▸ **Exercise**
Only the lines from the one containing "Character: 遃" through the end of the entries are to be copied, exactly and without pictures, please.

▸ **Data under study**

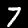
Label: 7
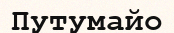
Путумайо
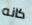
كانه
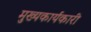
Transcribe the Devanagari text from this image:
मुख्यकार्यकारी
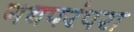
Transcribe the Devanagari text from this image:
गद्यपरंपरा
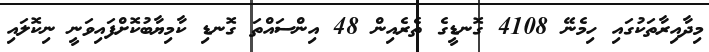
މިދާއިރާތަކުގައި ހިމެނޭ 4108 ގޮނޑީގެ ތެރެއިން 48 އިންސައްތަ ގޮނޑި ކާމިޔާބުކޮށްފައިވަނީ ނިކޮލައި
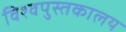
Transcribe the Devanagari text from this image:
विश्वपुस्तकालय
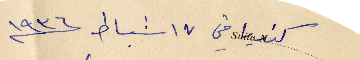
كنديا في ١٧ شباط ١۹۳٦
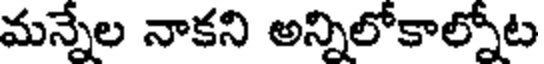
మన్నేల నాకని అన్నిలోకాల్నోట
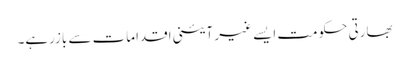
بھارتی حکومت ایسے غیر آئینی اقدامات سے بازرہے۔
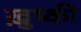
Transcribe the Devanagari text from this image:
ख़ुष्की
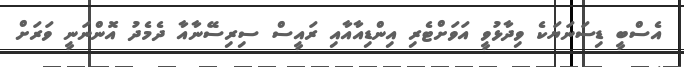
އެސްބީ ޑިސަނަޔަކެ ވިދާޅުވީ އަވަށްޓެރި އިންޑިއާއާއި ރައީސް ސިރިސޭނާއާ ދެމެދު އޮންނަނީ ވަރަށް
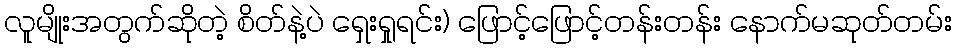
လူမျိုးအတွက်ဆိုတဲ့ စိတ်နဲ့ပဲ ရှေးရှုရင်း) ဖြောင့်ဖြောင့်တန်းတန်း နောက်မဆုတ်တမ်း
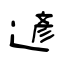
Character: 遃
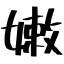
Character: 嫩
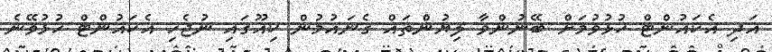
އަދި އެކައުންޓް ހުޅުވުމަށް ބޭނުންވާ ލިޔުންތައް ގެނައުމުން ކިއޫގައި ނުޖެހި އެކައުންޓް ހުޅުވޭނެ
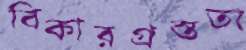
বিকারগ্রস্ততা
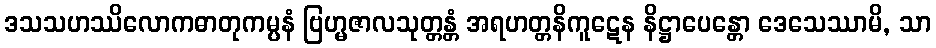
ဒသသဟဿိလောကဓာတုကမ္ပနံ ဗြဟ္မဇာလသုတ္တန္တံ အရဟတ္တနိကူဋေန နိဋ္ဌာပေန္တော ဒေသေဿာမိ, သာ
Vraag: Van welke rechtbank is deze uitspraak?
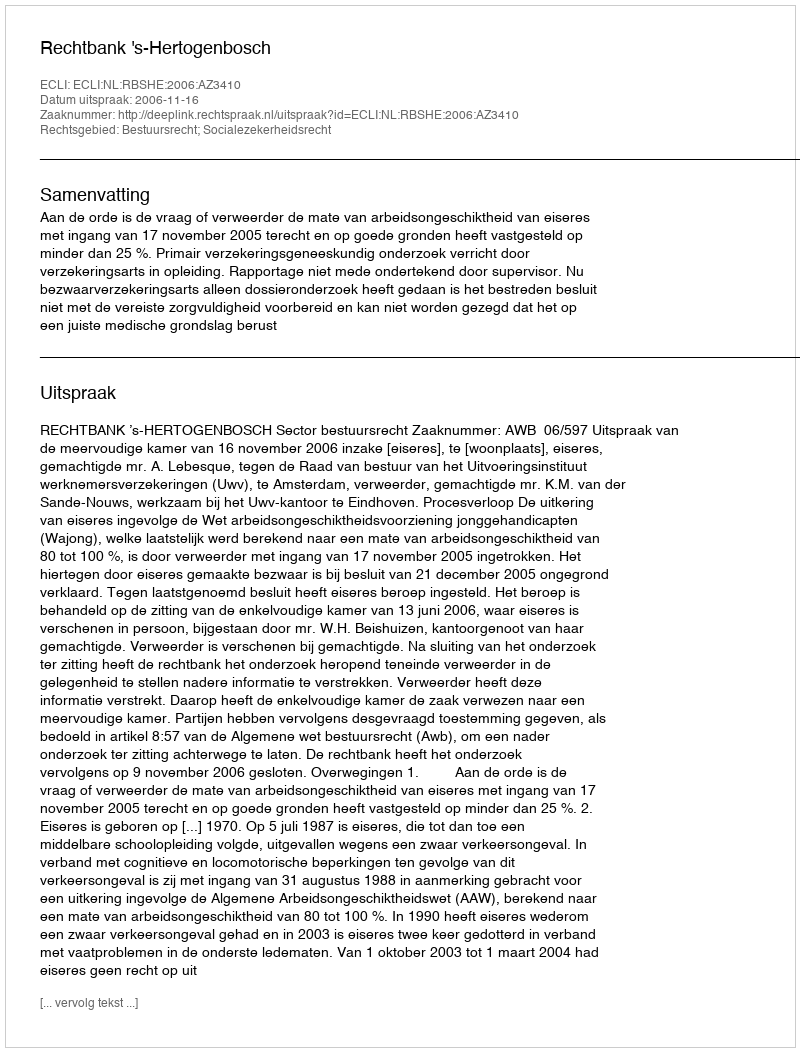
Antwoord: Rechtbank 's-Hertogenbosch
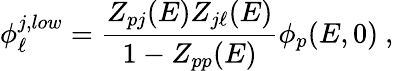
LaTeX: \phi_{\ell}^{j,low}={\frac{Z_{pj}(E)Z_{j\ell}(E)}{1-Z_{pp}(E)}}\phi_{p}(E,0)\ ,
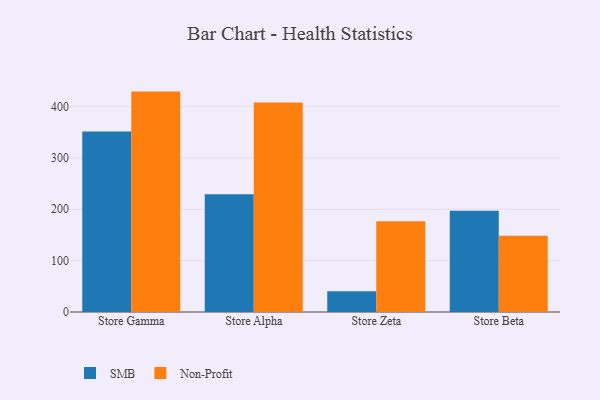
{"axis": {"x": "Store", "y": "Inventory Turnover"}, "legend": ["Non-Profit", "SMB"], "data": [{"x": "Store Gamma", "y": 351.4, "type": "SMB"}, {"x": "Store Gamma", "y": 428.8, "type": "Non-Profit"}, {"x": "Store Alpha", "y": 229.2, "type": "SMB"}, {"x": "Store Alpha", "y": 407.4, "type": "Non-Profit"}, {"x": "Store Zeta", "y": 40.5, "type": "SMB"}, {"x": "Store Zeta", "y": 176.4, "type": "Non-Profit"}, {"x": "Store Beta", "y": 197.1, "type": "SMB"}, {"x": "Store Beta", "y": 148.2, "type": "Non-Profit"}]}
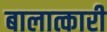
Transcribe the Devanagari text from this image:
बालात्कारी
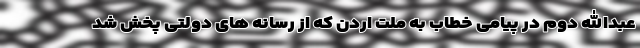
عبدالله دوم در پیامی خطاب به ملت اردن که از رسانه های دولتی پخش شد
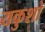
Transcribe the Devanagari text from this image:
यकुशो

▸ **Output of the exercise**
Character: 遃
Character: 嫩
އަދި އެކައުންޓް ހުޅުވުމަށް ބޭނުންވާ ލިޔުންތައް ގެނައުމުން ކިއޫގައި ނުޖެހި އެކައުންޓް ހުޅުވޭނެ
বিকারগ্রস্ততা
ဒသသဟဿိလောကဓာတုကမ္ပနံ ဗြဟ္မဇာလသုတ္တန္တံ အရဟတ္တနိကူဋေန နိဋ္ဌာပေန္တော ဒေသေဿာမိ, သာ
Vraag: Van welke rechtbank is deze uitspraak?
Antwoord: Rechtbank 's-Hertogenbosch
LaTeX: \phi_{\ell}^{j,low}={\frac{Z_{pj}(E)Z_{j\ell}(E)}{1-Z_{pp}(E)}}\phi_{p}(E,0)\ ,
{"axis": {"x": "Store", "y": "Inventory Turnover"}, "legend": ["Non-Profit", "SMB"], "data": [{"x": "Store Gamma", "y": 351.4, "type": "SMB"}, {"x": "Store Gamma", "y": 428.8, "type": "Non-Profit"}, {"x": "Store Alpha", "y": 229.2, "type": "SMB"}, {"x": "Store Alpha", "y": 407.4, "type": "Non-Profit"}, {"x": "Store Zeta", "y": 40.5, "type": "SMB"}, {"x": "Store Zeta", "y": 176.4, "type": "Non-Profit"}, {"x": "Store Beta", "y": 197.1, "type": "SMB"}, {"x": "Store Beta", "y": 148.2, "type": "Non-Profit"}]}
Transcribe the Devanagari text from this image:
बालात्कारी
عبدالله دوم در پیامی خطاب به ملت اردن که از رسانه های دولتی پخش شد
Transcribe the Devanagari text from this image:
यकुशो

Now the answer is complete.